Industry Updates

BlackRock extends voting powers as $120bn assets committed in five months

Voting Choice extended in the UK, Canada and Ireland

Jamie Gordon

a building with a sign

BlackRock announced it will increase the range of funds eligible for its Voting Choice programme in the UK and expand the scheme to Canadian and Irish pooled funds after investors with $120bn assets under management (AUM) expressed their voting preferences in just five months. 

The initiative to give investors a choice in how their votes are cast was launched last October and covered certain index strategies invested in by institutional clients, pension funds, insurance companies and corporations in the US and UK. 

Since then, the total sum voting through their own preferences hit $530bn – or a quarter of all eligible assets – including legacy clients that have always controlled their voting. 

It takes the assets eligible under Voting Choice to 47% – $2.3trn – of its $4.9trn index equity assets. 

BlackRock’s decision to extend its Voting Choice initiative is also sagely timed, given a Senate hearing is being held this week to discuss the voting power of index funds. Within this, Alaska senator Dan Sullivan has proposed a bill to ban index fund managers from voting on shareholder proposals and director elections without the express permission of large institutional clients.

Following the changes, 95% of the firm’s institutional index equity funds are eligible, including some funds in Canada and Ireland, 100% of its US pension plans and 80% of its index equity assets in Europe and the UK – excluding ETFs.  

BlackRock has also begun offering “additional shareholder voting options” to some individual investors, endowments and foundations in the US – and is working on a pilot scheme to allow all investors in UK mutual funds – including individuals – to exercise choice in how their votes are cast.  

Salim Ramji, global head of iShares and index investments at BlackRock, said: “Following years of work on technology and regulatory barriers, nearly half of our clients’ index equity assets – including pension funds representing more than 60 million people – have easy and efficient options to vote their preferences.

“While BlackRock’s Voting Choice program is an industry first, we see it as just a beginning.”

Despite the changes, some may remain sceptical about how impactful Voting Choice will be, given investors often use index funds for the express purpose of being low-cost and passive – and in turn BlackRock may be giving clients options they will not use.

Also, while BlackRock submits Form N-PX filings to disclose its voting activity to the Securities and Exchange Commission (SEC), asset owners are only obliged to disclose on “say of pay” votes and not those on company director elections, shareholder proposals or other proxy votes.

Given BlackRock will be unlikely to surrender information on how its clients will vote, this could result in the large block of votes linked to its funds being cast in a more opaque way.

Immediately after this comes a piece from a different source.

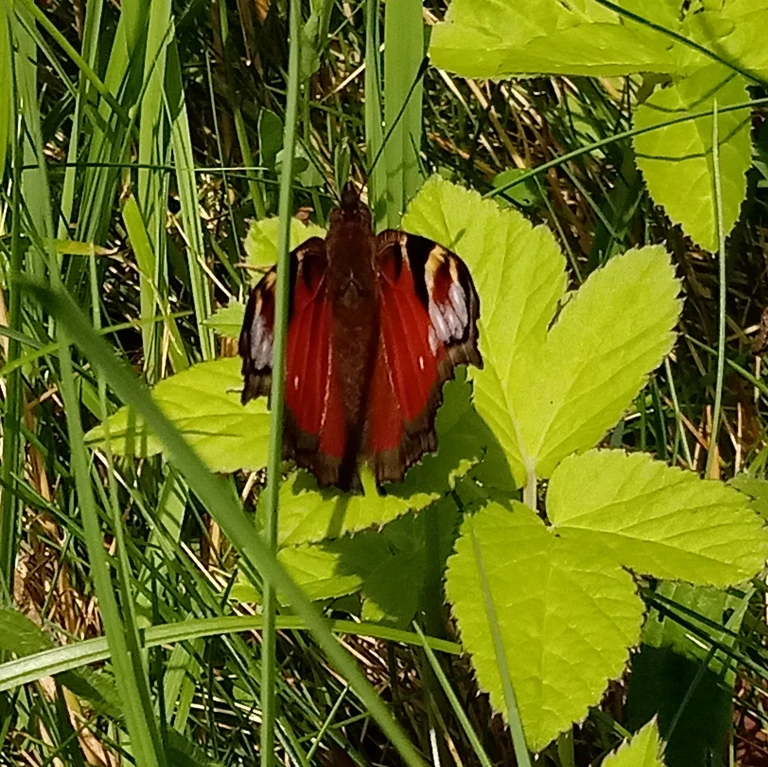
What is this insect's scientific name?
Aglais io

Douglas Chia, founder and president of Soundboard Governance LLC, also questioned what impact Voting Choice will have on the firm’s securities lending business, as passing shares over to a borrower means temporarily surrendering the right to proxy voting, dividends and other distributions.

As BlackRock extends its clients’ power to instruct it on how to cast votes, Chia questioned whether this could mean it has to recall larger portions of shares as larger institutional clients choose to be more hands-on with their voting.

Despite these considerations, many believe democratising voting is a natural next step for passive funds as more questions are being asked about their scale and growing influence.

The next step is waiting to see if other large asset managers – State Street Global Advisors and Vanguard – follow BlackRock’s lead and whether giving investors direct voting powers can allay concerns over the growing power of passive.